Task brief: Set down each entry exactly as given; pictures should not appear in the copy.

Material provided:
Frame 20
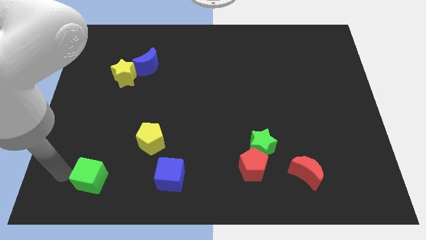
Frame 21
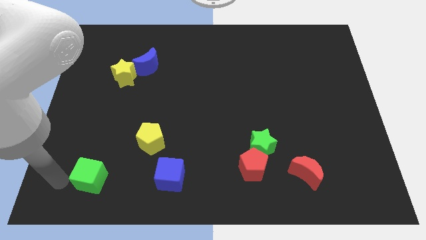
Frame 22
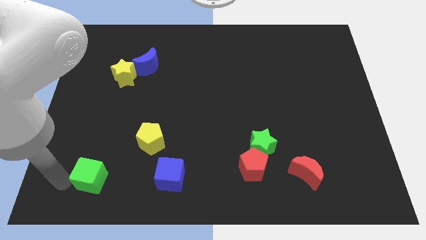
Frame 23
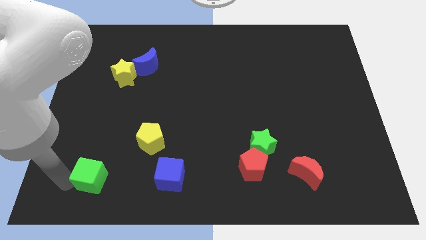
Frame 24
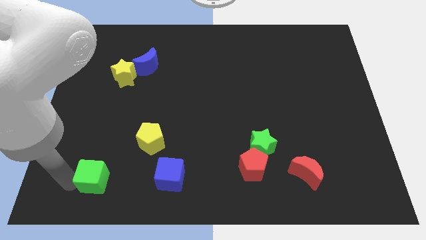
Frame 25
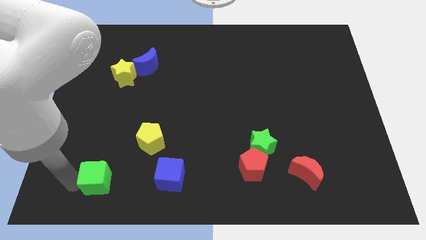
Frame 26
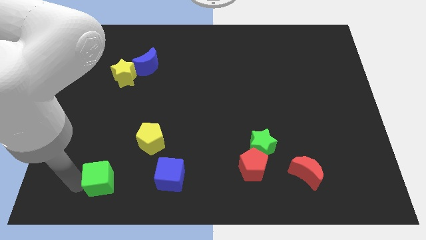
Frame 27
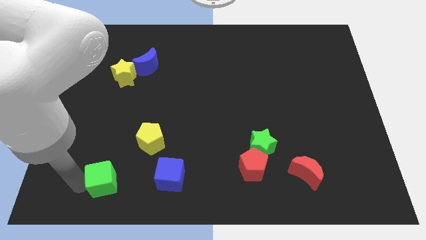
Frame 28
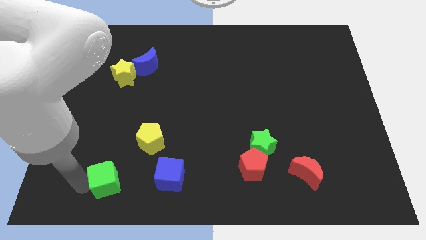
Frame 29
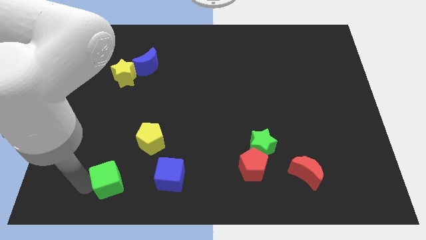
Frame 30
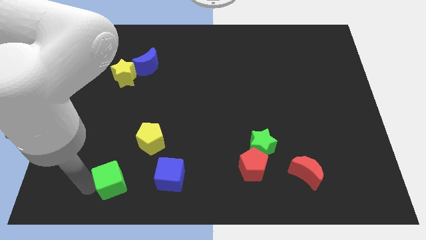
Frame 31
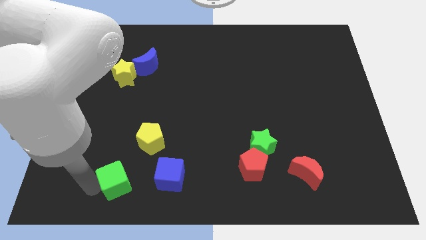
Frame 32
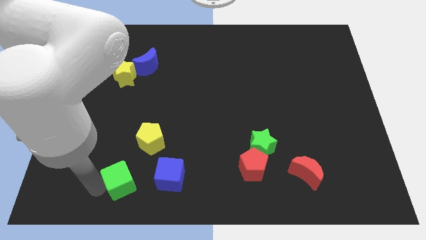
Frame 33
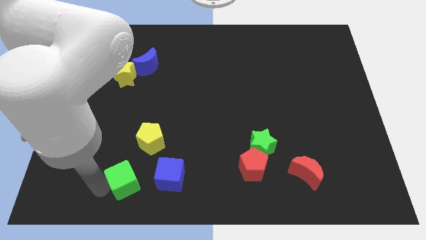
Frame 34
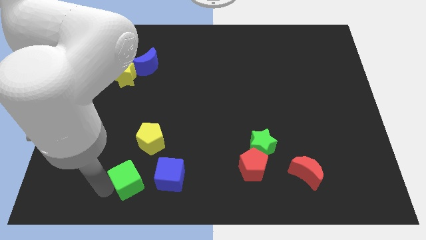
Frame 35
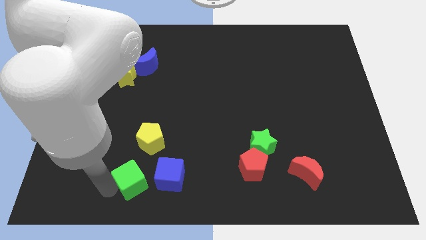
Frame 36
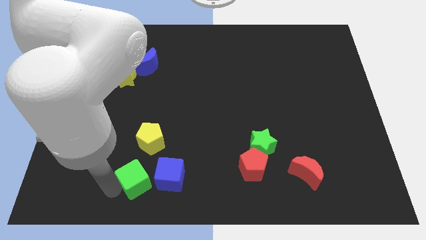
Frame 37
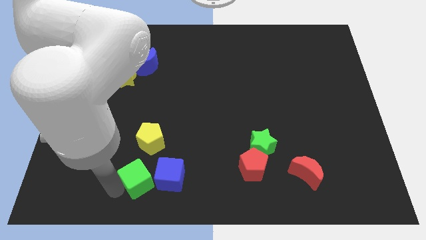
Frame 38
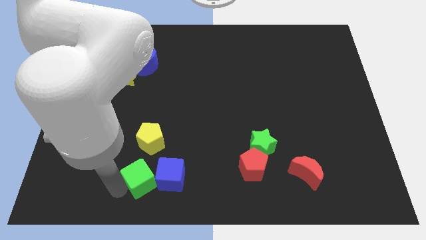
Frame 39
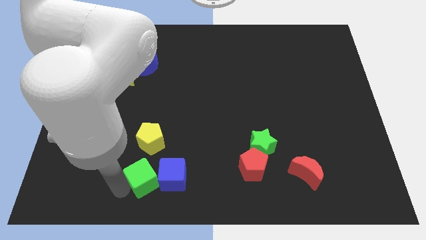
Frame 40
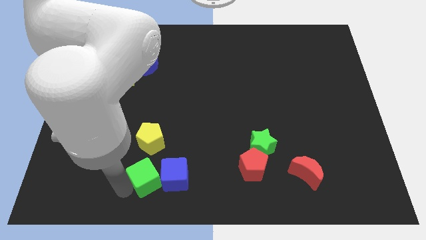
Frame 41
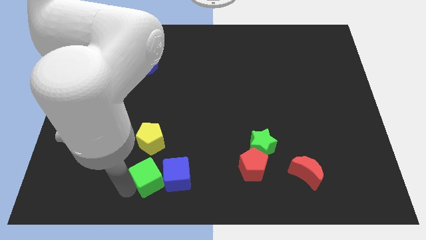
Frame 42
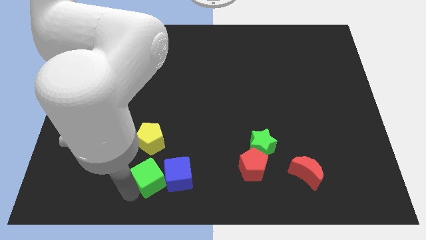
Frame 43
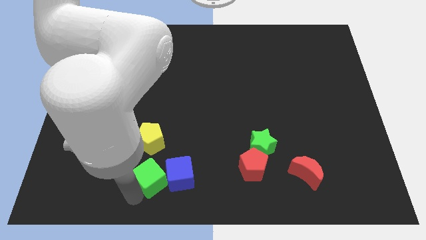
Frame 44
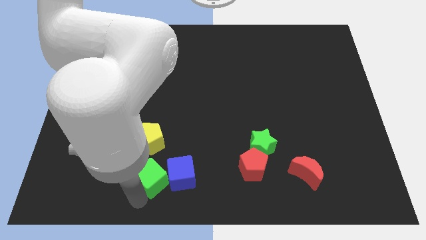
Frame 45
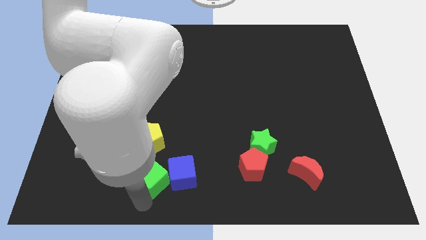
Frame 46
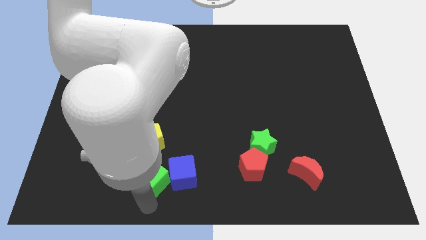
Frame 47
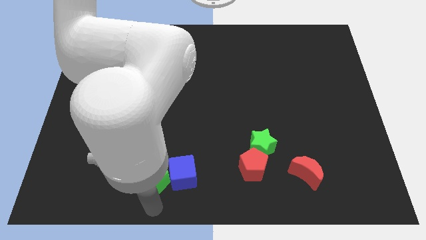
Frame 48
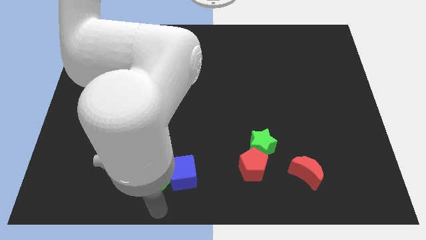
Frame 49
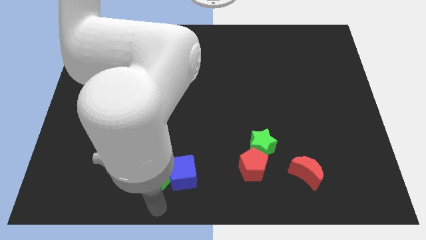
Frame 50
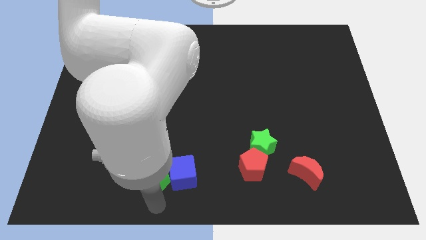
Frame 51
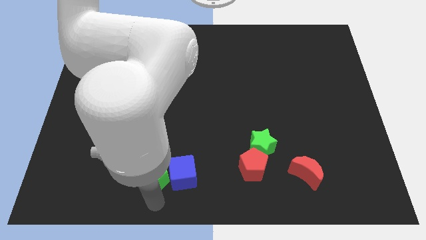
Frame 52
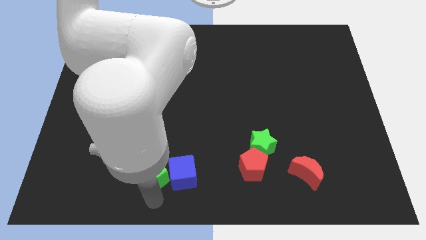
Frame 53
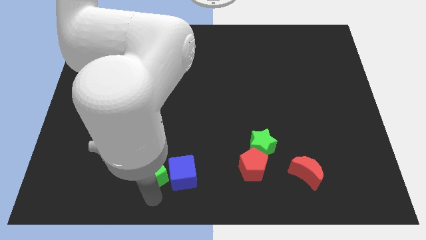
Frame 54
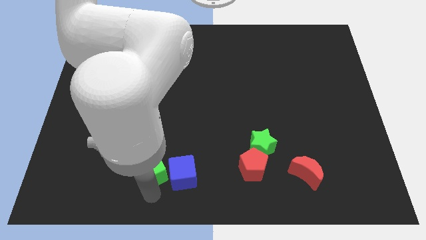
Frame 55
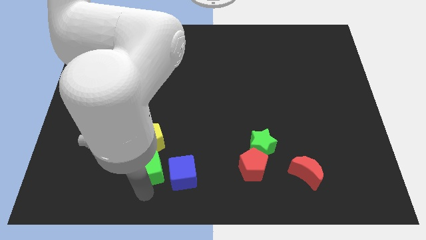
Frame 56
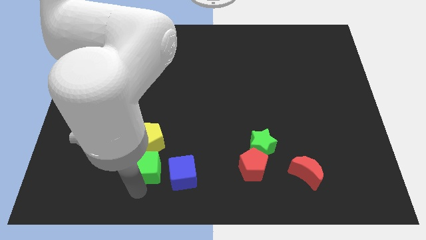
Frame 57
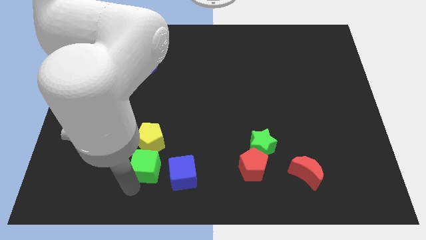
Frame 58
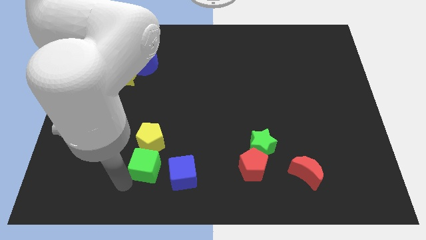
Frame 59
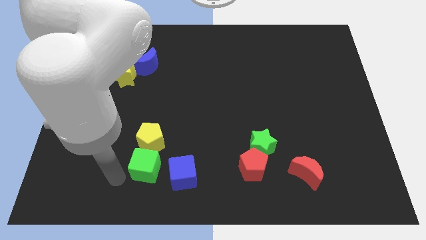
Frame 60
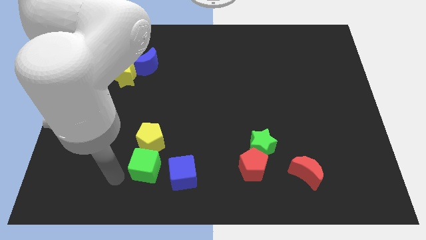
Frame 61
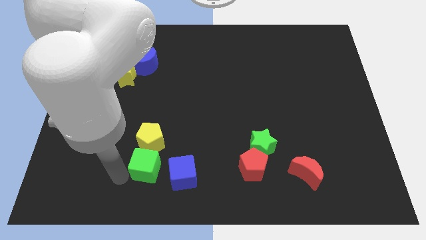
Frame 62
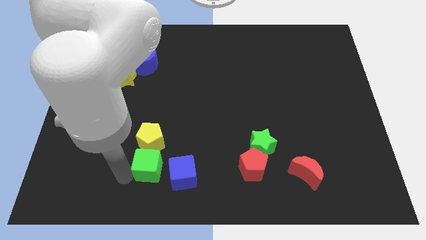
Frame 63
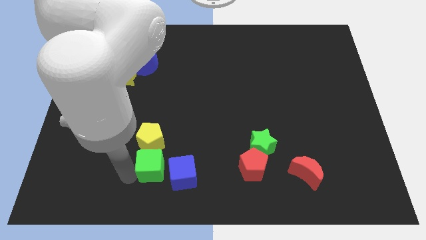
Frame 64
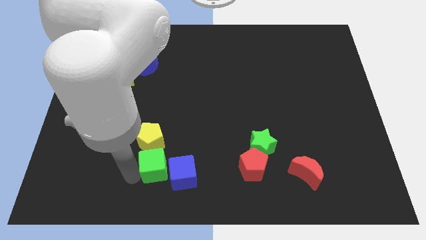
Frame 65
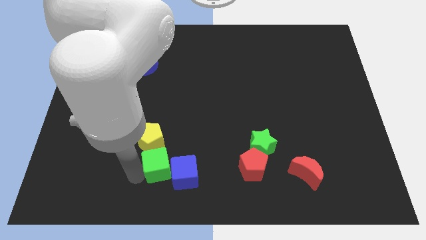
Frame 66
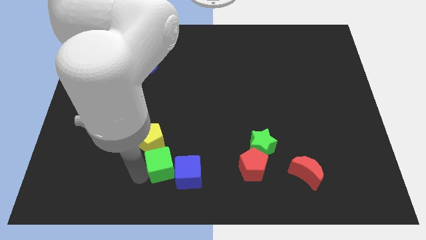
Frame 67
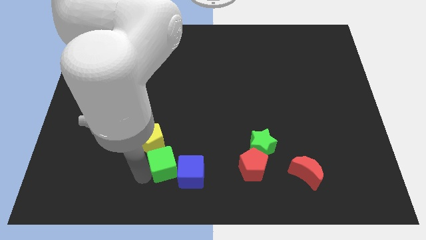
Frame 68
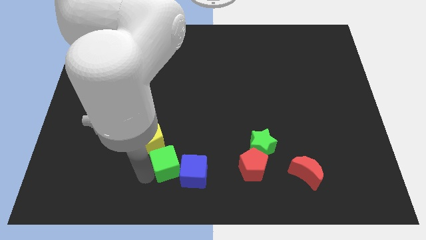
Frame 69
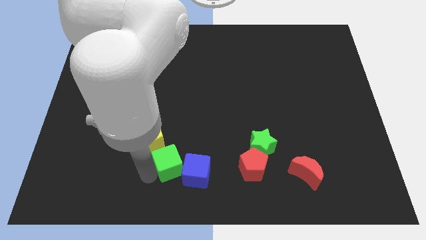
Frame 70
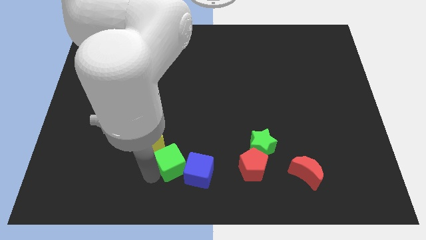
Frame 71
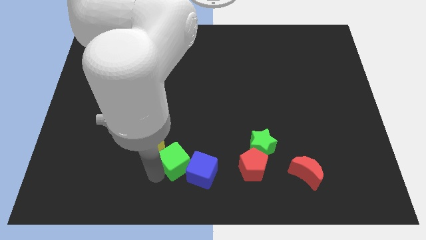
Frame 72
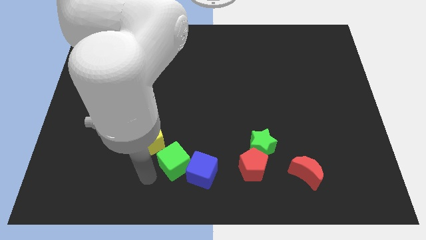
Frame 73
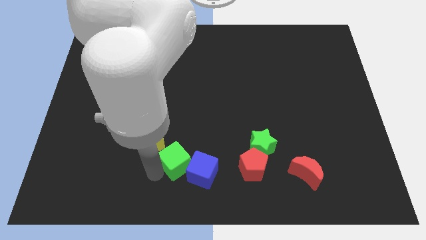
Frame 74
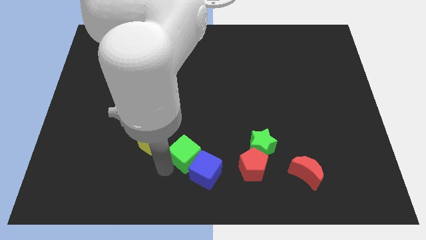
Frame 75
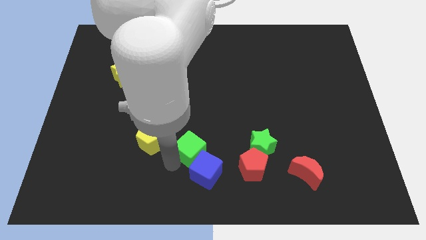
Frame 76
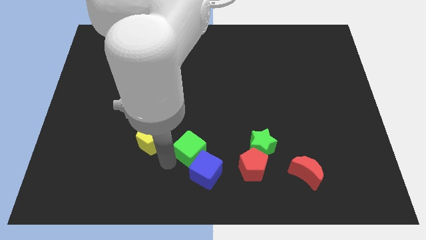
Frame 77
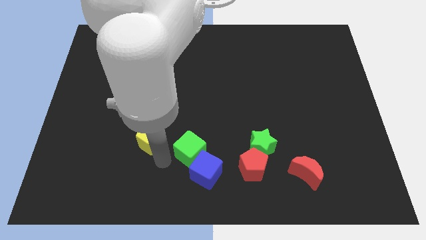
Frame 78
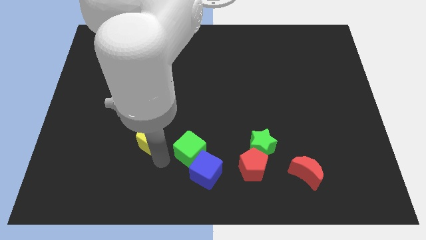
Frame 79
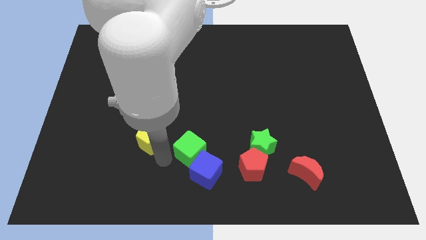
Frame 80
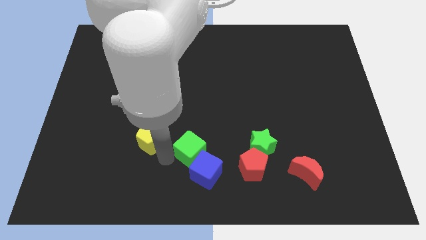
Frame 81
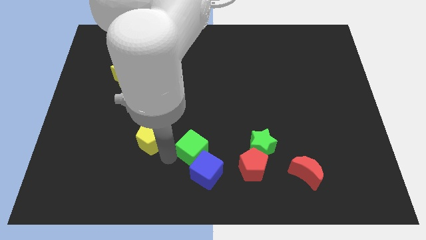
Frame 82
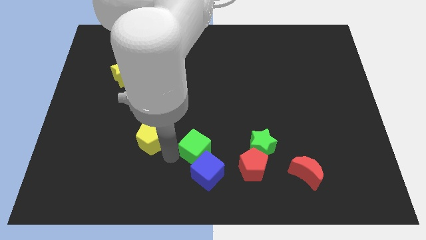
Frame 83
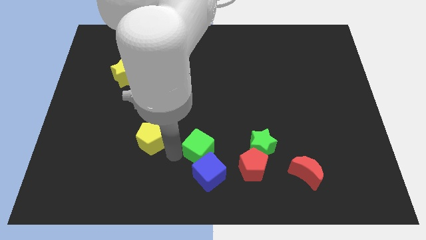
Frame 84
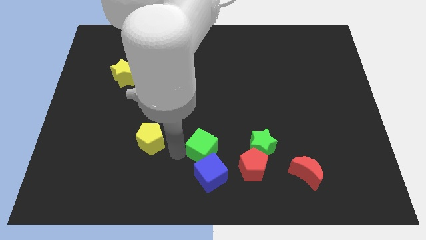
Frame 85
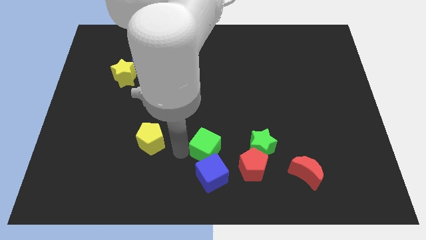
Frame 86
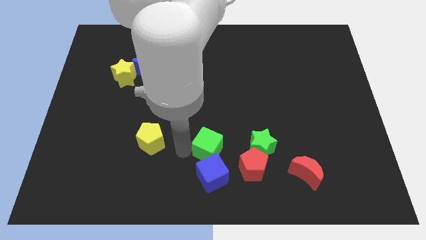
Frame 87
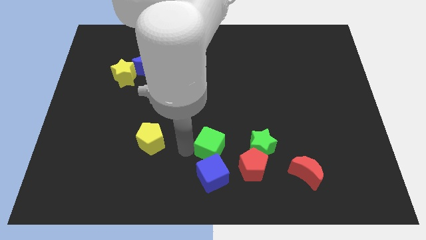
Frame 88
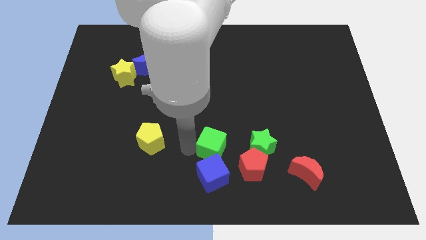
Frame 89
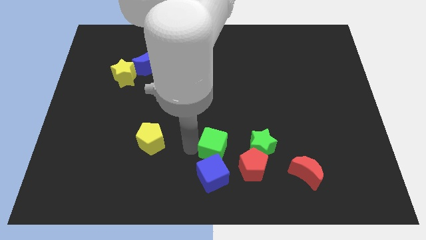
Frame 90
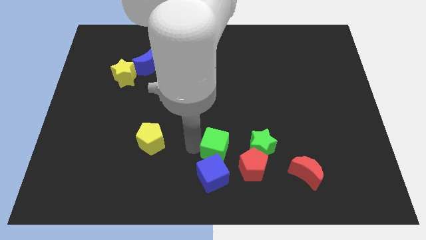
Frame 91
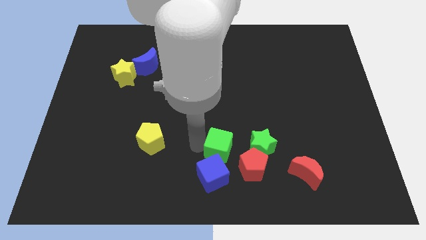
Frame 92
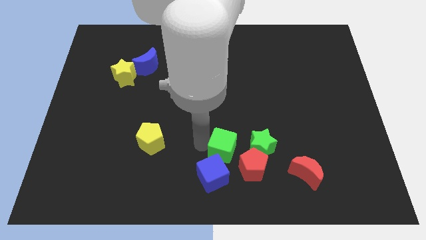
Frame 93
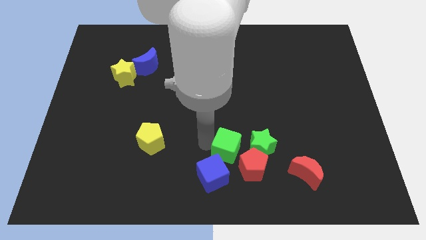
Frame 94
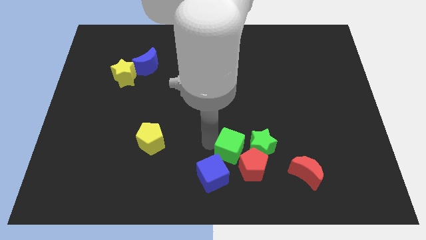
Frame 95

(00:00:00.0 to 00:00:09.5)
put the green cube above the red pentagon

Output of the exercise:
Frame 20
Frame 21
Frame 22
Frame 23
Frame 24
Frame 25
Frame 26
Frame 27
Frame 28
Frame 29
Frame 30
Frame 31
Frame 32
Frame 33
Frame 34
Frame 35
Frame 36
Frame 37
Frame 38
Frame 39
Frame 40
Frame 41
Frame 42
Frame 43
Frame 44
Frame 45
Frame 46
Frame 47
Frame 48
Frame 49
Frame 50
Frame 51
Frame 52
Frame 53
Frame 54
Frame 55
Frame 56
Frame 57
Frame 58
Frame 59
Frame 60
Frame 61
Frame 62
Frame 63
Frame 64
Frame 65
Frame 66
Frame 67
Frame 68
Frame 69
Frame 70
Frame 71
Frame 72
Frame 73
Frame 74
Frame 75
Frame 76
Frame 77
Frame 78
Frame 79
Frame 80
Frame 81
Frame 82
Frame 83
Frame 84
Frame 85
Frame 86
Frame 87
Frame 88
Frame 89
Frame 90
Frame 91
Frame 92
Frame 93
Frame 94
Frame 95

(00:00:00.0 to 00:00:09.5)
put the green cube above the red pentagon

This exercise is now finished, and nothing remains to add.